DATA EXCERPTS:

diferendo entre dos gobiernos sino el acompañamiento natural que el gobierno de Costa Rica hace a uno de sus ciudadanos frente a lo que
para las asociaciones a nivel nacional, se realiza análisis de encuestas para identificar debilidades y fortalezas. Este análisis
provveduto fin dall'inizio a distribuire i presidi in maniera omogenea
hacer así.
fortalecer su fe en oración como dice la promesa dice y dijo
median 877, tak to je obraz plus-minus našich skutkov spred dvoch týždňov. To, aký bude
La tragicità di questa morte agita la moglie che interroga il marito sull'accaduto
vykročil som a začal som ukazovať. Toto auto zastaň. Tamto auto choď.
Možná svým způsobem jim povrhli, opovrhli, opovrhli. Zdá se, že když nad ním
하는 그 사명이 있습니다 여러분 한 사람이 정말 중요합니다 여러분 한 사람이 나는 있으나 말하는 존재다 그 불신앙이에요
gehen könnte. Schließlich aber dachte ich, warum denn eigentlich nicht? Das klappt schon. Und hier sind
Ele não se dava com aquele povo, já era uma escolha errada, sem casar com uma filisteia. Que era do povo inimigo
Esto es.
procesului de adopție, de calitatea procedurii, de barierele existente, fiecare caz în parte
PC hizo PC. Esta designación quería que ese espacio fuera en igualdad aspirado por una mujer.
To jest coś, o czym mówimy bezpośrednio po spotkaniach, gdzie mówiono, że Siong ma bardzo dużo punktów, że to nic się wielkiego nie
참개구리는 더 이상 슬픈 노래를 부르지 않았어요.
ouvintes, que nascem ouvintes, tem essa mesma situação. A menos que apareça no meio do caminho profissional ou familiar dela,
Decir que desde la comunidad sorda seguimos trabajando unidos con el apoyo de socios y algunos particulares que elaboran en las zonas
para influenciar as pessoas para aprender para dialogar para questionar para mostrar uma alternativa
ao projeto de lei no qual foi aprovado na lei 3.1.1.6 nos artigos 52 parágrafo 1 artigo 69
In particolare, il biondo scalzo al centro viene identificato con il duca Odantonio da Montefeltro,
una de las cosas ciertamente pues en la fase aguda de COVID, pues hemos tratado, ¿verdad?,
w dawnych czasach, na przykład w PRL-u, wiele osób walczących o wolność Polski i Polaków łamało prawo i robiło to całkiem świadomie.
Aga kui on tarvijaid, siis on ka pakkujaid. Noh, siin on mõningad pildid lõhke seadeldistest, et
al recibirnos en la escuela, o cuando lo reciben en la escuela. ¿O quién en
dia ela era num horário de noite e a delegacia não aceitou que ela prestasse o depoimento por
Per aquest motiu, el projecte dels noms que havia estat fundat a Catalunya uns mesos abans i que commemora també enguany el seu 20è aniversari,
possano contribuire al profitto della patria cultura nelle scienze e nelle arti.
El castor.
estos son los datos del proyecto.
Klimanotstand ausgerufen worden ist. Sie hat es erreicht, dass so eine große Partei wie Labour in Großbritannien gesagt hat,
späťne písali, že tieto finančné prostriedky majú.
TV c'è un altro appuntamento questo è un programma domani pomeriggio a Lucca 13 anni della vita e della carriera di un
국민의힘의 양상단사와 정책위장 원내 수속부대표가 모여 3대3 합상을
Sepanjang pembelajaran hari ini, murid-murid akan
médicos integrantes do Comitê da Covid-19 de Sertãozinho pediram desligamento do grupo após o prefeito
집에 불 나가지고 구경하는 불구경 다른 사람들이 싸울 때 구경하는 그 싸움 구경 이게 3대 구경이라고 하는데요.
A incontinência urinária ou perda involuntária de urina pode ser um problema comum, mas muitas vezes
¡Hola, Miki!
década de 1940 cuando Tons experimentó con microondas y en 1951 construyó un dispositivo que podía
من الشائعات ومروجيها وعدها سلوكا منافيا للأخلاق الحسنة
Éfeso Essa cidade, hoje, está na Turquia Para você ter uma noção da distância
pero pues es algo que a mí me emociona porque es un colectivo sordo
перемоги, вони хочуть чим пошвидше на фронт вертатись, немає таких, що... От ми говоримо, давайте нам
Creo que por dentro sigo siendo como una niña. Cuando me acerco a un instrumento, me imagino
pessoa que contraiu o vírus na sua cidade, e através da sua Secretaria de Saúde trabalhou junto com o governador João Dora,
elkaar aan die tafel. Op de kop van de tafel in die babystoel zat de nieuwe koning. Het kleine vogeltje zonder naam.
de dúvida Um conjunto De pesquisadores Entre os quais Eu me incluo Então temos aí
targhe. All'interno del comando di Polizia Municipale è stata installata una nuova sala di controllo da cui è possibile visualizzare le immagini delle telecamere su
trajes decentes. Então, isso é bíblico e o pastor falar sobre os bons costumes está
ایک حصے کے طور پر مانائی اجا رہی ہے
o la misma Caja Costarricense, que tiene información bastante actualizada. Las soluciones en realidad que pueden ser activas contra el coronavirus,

WHAT YOU ARE ASKED TO DO: Retype every entry word for word.

ANSWER BELOW:
diferendo entre dos gobiernos sino el acompañamiento natural que el gobierno de Costa Rica hace a uno de sus ciudadanos frente a lo que
para las asociaciones a nivel nacional, se realiza análisis de encuestas para identificar debilidades y fortalezas. Este análisis
provveduto fin dall'inizio a distribuire i presidi in maniera omogenea
hacer así.
fortalecer su fe en oración como dice la promesa dice y dijo
median 877, tak to je obraz plus-minus našich skutkov spred dvoch týždňov. To, aký bude
La tragicità di questa morte agita la moglie che interroga il marito sull'accaduto
vykročil som a začal som ukazovať. Toto auto zastaň. Tamto auto choď.
Možná svým způsobem jim povrhli, opovrhli, opovrhli. Zdá se, že když nad ním
하는 그 사명이 있습니다 여러분 한 사람이 정말 중요합니다 여러분 한 사람이 나는 있으나 말하는 존재다 그 불신앙이에요
gehen könnte. Schließlich aber dachte ich, warum denn eigentlich nicht? Das klappt schon. Und hier sind
Ele não se dava com aquele povo, já era uma escolha errada, sem casar com uma filisteia. Que era do povo inimigo
Esto es.
procesului de adopție, de calitatea procedurii, de barierele existente, fiecare caz în parte
PC hizo PC. Esta designación quería que ese espacio fuera en igualdad aspirado por una mujer.
To jest coś, o czym mówimy bezpośrednio po spotkaniach, gdzie mówiono, że Siong ma bardzo dużo punktów, że to nic się wielkiego nie
참개구리는 더 이상 슬픈 노래를 부르지 않았어요.
ouvintes, que nascem ouvintes, tem essa mesma situação. A menos que apareça no meio do caminho profissional ou familiar dela,
Decir que desde la comunidad sorda seguimos trabajando unidos con el apoyo de socios y algunos particulares que elaboran en las zonas
para influenciar as pessoas para aprender para dialogar para questionar para mostrar uma alternativa
ao projeto de lei no qual foi aprovado na lei 3.1.1.6 nos artigos 52 parágrafo 1 artigo 69
In particolare, il biondo scalzo al centro viene identificato con il duca Odantonio da Montefeltro,
una de las cosas ciertamente pues en la fase aguda de COVID, pues hemos tratado, ¿verdad?,
w dawnych czasach, na przykład w PRL-u, wiele osób walczących o wolność Polski i Polaków łamało prawo i robiło to całkiem świadomie.
Aga kui on tarvijaid, siis on ka pakkujaid. Noh, siin on mõningad pildid lõhke seadeldistest, et
al recibirnos en la escuela, o cuando lo reciben en la escuela. ¿O quién en
dia ela era num horário de noite e a delegacia não aceitou que ela prestasse o depoimento por
Per aquest motiu, el projecte dels noms que havia estat fundat a Catalunya uns mesos abans i que commemora també enguany el seu 20è aniversari,
possano contribuire al profitto della patria cultura nelle scienze e nelle arti.
El castor.
estos son los datos del proyecto.
Klimanotstand ausgerufen worden ist. Sie hat es erreicht, dass so eine große Partei wie Labour in Großbritannien gesagt hat,
späťne písali, že tieto finančné prostriedky majú.
TV c'è un altro appuntamento questo è un programma domani pomeriggio a Lucca 13 anni della vita e della carriera di un
국민의힘의 양상단사와 정책위장 원내 수속부대표가 모여 3대3 합상을
Sepanjang pembelajaran hari ini, murid-murid akan
médicos integrantes do Comitê da Covid-19 de Sertãozinho pediram desligamento do grupo após o prefeito
집에 불 나가지고 구경하는 불구경 다른 사람들이 싸울 때 구경하는 그 싸움 구경 이게 3대 구경이라고 하는데요.
A incontinência urinária ou perda involuntária de urina pode ser um problema comum, mas muitas vezes
¡Hola, Miki!
década de 1940 cuando Tons experimentó con microondas y en 1951 construyó un dispositivo que podía
من الشائعات ومروجيها وعدها سلوكا منافيا للأخلاق الحسنة
Éfeso Essa cidade, hoje, está na Turquia Para você ter uma noção da distância
pero pues es algo que a mí me emociona porque es un colectivo sordo
перемоги, вони хочуть чим пошвидше на фронт вертатись, немає таких, що... От ми говоримо, давайте нам
Creo que por dentro sigo siendo como una niña. Cuando me acerco a un instrumento, me imagino
pessoa que contraiu o vírus na sua cidade, e através da sua Secretaria de Saúde trabalhou junto com o governador João Dora,
elkaar aan die tafel. Op de kop van de tafel in die babystoel zat de nieuwe koning. Het kleine vogeltje zonder naam.
de dúvida Um conjunto De pesquisadores Entre os quais Eu me incluo Então temos aí
targhe. All'interno del comando di Polizia Municipale è stata installata una nuova sala di controllo da cui è possibile visualizzare le immagini delle telecamere su
trajes decentes. Então, isso é bíblico e o pastor falar sobre os bons costumes está
ایک حصے کے طور پر مانائی اجا رہی ہے
o la misma Caja Costarricense, que tiene información bastante actualizada. Las soluciones en realidad que pueden ser activas contra el coronavirus,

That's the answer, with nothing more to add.